**Task goal:**
Should a picture appear anywhere in the data, omit it and copy everything else exactly.

**Provided records:**
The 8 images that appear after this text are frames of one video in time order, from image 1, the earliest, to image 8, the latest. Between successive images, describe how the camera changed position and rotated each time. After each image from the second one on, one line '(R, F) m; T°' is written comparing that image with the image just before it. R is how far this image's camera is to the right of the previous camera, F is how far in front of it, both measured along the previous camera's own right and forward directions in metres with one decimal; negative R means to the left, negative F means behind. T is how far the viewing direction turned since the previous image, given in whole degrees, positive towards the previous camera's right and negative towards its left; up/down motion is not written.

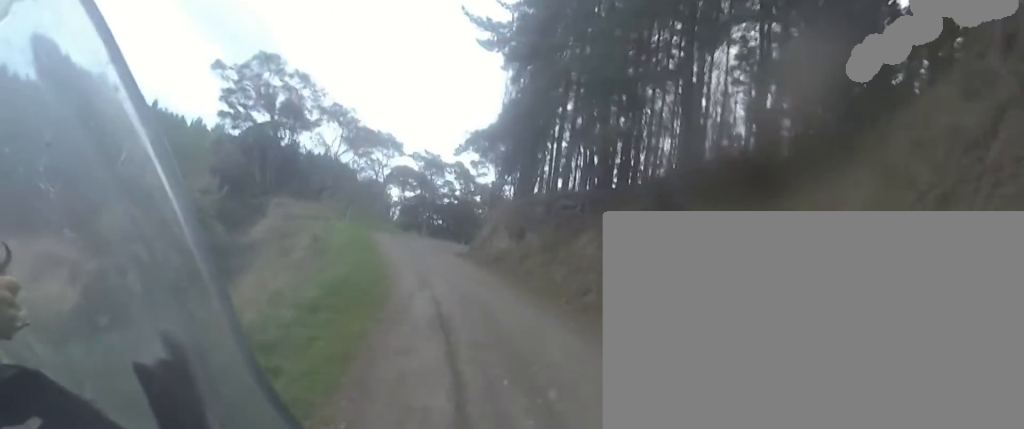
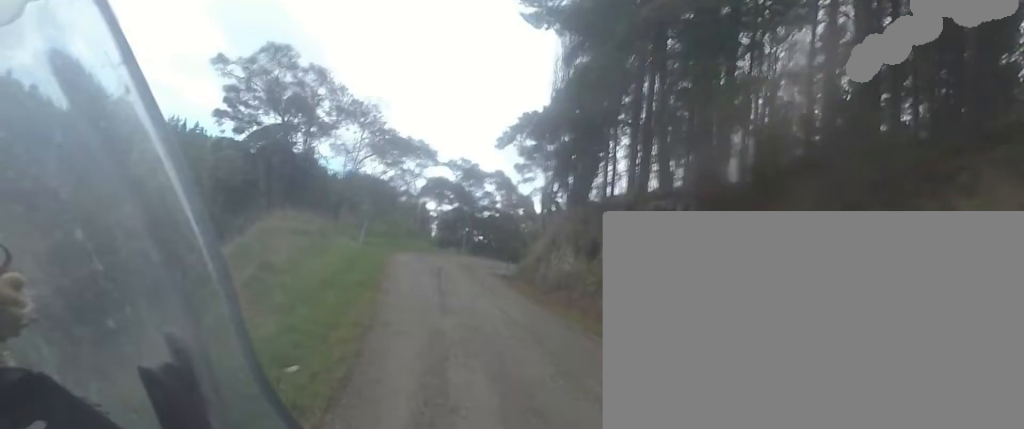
(+0.3, +7.2) m; -4°
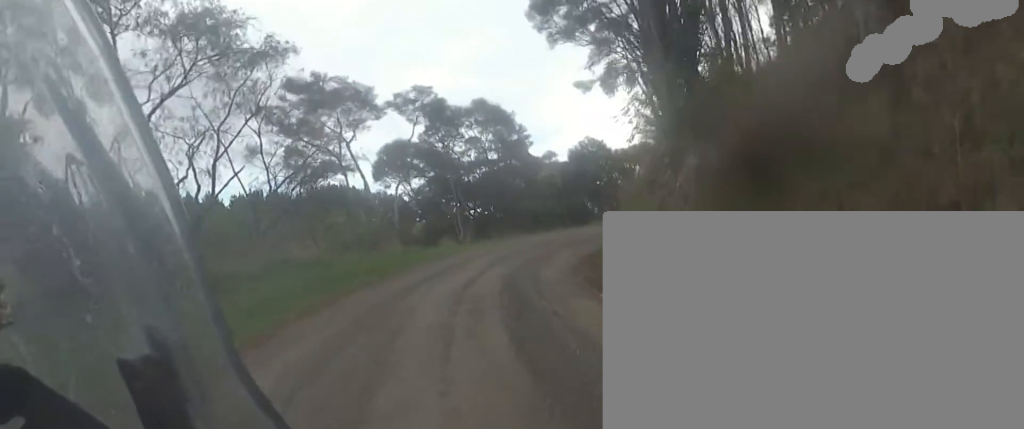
(-1.0, +16.8) m; +5°
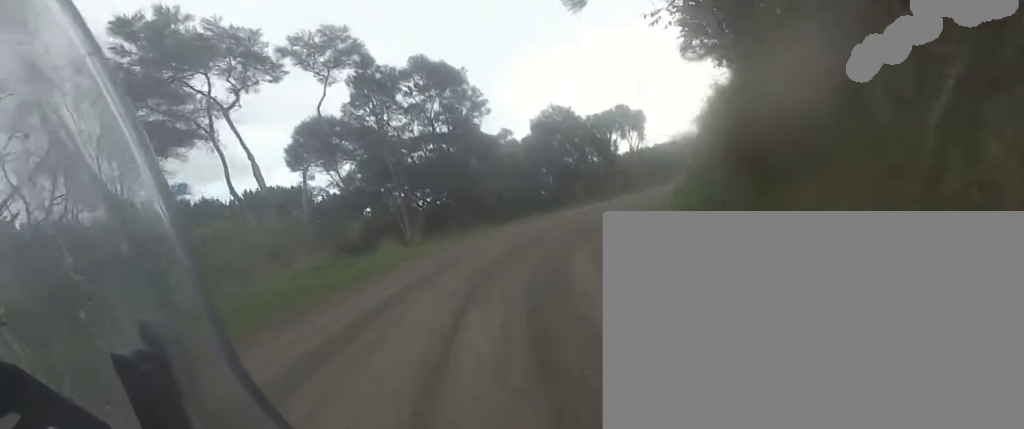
(+0.6, +8.0) m; +11°
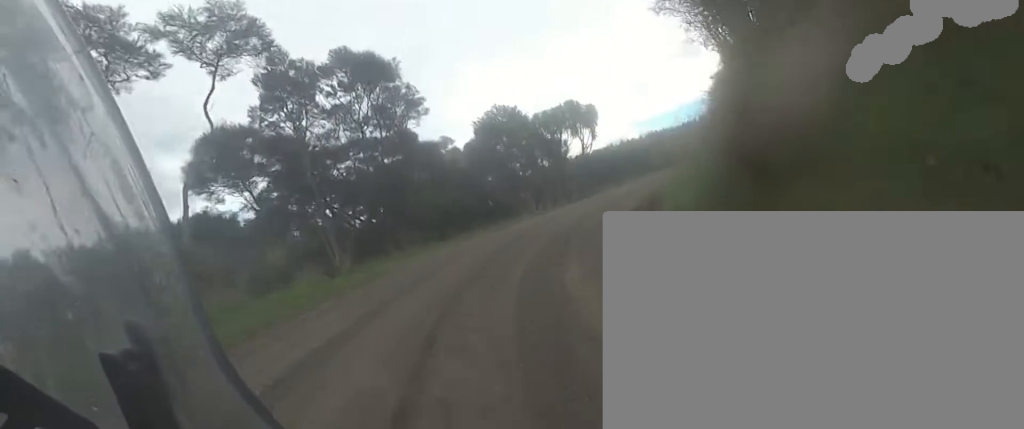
(+0.4, +4.4) m; +8°
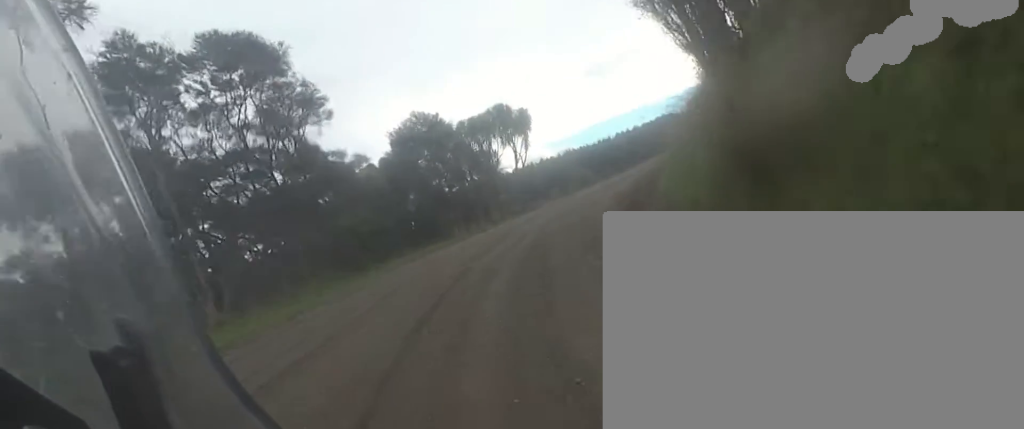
(-0.1, +4.8) m; +8°
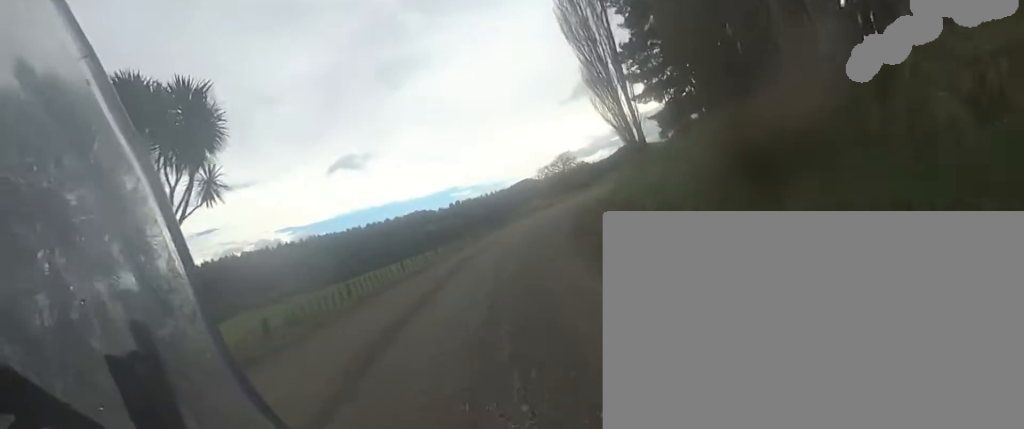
(+3.8, +16.3) m; +22°
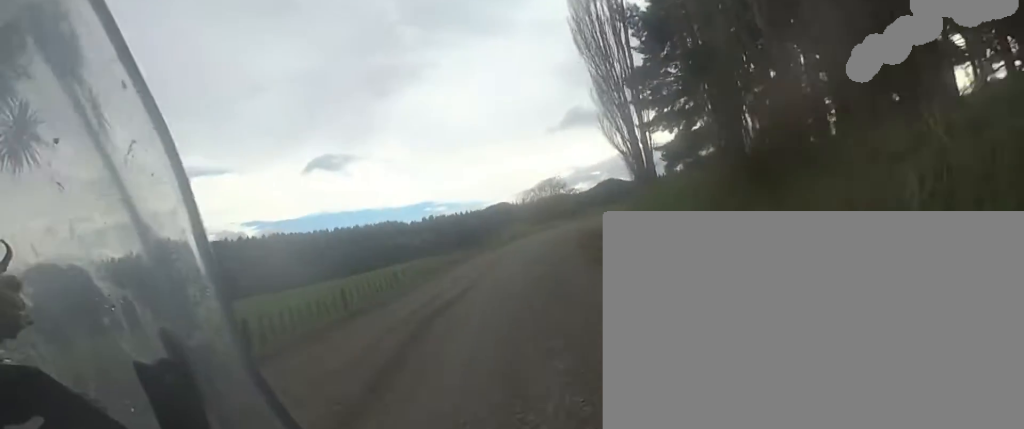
(+0.4, +5.0) m; +3°

**Answer below:**
The 8 images that appear after this text are frames of one video in time order, from image 1, the earliest, to image 8, the latest. Between successive images, describe how the camera changed position and rotated each time. After each image from the second one on, one line '(R, F) m; T°' is written comparing that image with the image just before it. R is how far this image's camera is to the right of the previous camera, F is how far in front of it, both measured along the previous camera's own right and forward directions in metres with one decimal; negative R means to the left, negative F means behind. T is how far the viewing direction turned since the previous image, given in whole degrees, positive towards the previous camera's right and negative towards its left; up/down motion is not written.

(+0.3, +7.2) m; -4°
(-1.0, +16.8) m; +5°
(+0.6, +8.0) m; +11°
(+0.4, +4.4) m; +8°
(-0.1, +4.8) m; +8°
(+3.8, +16.3) m; +22°
(+0.4, +5.0) m; +3°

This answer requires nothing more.